▶ [Information provided]

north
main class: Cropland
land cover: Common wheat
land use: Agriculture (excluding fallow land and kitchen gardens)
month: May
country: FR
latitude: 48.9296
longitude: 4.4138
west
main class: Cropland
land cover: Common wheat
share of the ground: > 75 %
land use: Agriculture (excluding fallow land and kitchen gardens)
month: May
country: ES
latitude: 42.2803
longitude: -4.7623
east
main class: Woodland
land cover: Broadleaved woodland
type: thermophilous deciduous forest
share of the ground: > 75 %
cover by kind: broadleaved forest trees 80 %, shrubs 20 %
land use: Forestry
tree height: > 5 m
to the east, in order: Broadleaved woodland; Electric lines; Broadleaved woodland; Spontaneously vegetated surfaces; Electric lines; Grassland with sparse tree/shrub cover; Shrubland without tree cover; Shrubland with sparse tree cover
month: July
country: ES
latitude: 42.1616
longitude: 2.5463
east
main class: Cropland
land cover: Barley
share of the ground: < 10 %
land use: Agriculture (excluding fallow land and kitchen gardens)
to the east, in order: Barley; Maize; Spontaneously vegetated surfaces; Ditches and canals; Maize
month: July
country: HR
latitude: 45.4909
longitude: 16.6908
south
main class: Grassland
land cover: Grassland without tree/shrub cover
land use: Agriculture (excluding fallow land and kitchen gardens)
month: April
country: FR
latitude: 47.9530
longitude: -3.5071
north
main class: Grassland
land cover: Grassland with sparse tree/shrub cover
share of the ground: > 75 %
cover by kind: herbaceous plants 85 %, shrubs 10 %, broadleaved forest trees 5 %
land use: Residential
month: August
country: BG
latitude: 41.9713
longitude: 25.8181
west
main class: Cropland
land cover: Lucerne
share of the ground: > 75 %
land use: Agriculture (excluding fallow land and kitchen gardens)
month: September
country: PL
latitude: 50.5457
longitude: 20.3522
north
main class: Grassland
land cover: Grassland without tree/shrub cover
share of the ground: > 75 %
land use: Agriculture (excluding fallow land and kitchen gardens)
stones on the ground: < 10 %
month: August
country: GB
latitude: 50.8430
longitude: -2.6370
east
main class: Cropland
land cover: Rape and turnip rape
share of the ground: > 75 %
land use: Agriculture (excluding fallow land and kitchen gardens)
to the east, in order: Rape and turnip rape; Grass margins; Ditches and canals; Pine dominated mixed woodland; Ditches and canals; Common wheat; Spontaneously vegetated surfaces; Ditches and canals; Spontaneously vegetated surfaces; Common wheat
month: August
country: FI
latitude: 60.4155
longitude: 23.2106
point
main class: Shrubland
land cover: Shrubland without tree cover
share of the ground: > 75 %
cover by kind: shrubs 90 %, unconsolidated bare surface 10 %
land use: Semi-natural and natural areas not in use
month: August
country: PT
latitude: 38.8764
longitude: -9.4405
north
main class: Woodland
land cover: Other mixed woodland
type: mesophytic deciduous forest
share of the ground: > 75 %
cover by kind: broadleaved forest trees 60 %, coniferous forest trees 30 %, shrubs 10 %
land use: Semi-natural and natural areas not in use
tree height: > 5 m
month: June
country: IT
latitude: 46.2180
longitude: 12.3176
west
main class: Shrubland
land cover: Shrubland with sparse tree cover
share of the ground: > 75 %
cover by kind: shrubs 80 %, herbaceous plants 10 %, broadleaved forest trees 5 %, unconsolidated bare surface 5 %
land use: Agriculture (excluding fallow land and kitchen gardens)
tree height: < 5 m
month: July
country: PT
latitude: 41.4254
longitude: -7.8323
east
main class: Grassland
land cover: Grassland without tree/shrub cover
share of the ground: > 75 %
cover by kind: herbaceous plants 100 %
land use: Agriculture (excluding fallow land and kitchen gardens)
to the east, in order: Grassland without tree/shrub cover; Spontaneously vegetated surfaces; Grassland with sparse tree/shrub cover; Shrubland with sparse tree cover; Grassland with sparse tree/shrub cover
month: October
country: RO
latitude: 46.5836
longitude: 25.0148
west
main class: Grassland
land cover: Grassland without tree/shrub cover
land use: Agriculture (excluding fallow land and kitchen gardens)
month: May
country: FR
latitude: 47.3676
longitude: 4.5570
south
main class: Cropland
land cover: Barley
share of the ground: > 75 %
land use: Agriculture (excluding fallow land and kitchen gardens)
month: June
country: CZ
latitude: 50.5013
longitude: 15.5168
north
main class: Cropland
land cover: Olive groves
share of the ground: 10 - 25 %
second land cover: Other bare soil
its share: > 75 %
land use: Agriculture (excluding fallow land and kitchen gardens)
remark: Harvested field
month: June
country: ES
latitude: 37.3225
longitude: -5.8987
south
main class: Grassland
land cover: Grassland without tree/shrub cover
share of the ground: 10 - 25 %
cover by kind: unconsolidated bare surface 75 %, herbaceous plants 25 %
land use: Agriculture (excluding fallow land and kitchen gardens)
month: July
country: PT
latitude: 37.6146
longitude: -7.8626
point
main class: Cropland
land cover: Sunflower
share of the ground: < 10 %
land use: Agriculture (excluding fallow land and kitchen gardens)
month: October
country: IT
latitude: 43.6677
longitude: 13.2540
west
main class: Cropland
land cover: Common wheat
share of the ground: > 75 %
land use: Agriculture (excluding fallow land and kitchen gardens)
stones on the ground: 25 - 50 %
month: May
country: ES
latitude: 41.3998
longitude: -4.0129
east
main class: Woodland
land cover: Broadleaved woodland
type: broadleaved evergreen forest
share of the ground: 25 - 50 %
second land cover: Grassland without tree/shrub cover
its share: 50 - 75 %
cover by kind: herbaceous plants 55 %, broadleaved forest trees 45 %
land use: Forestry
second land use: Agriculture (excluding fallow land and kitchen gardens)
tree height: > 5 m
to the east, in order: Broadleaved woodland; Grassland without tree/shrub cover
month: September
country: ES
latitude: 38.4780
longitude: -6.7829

▶ [Directions for this task] Scan the records above for the string "plants", and copy every line where it turns up.

▶ [Task result]
cover by kind: herbaceous plants 85 %, shrubs 10 %, broadleaved forest trees 5 %
cover by kind: shrubs 80 %, herbaceous plants 10 %, broadleaved forest trees 5 %, unconsolidated bare surface 5 %
cover by kind: herbaceous plants 100 %
cover by kind: unconsolidated bare surface 75 %, herbaceous plants 25 %
cover by kind: herbaceous plants 55 %, broadleaved forest trees 45 %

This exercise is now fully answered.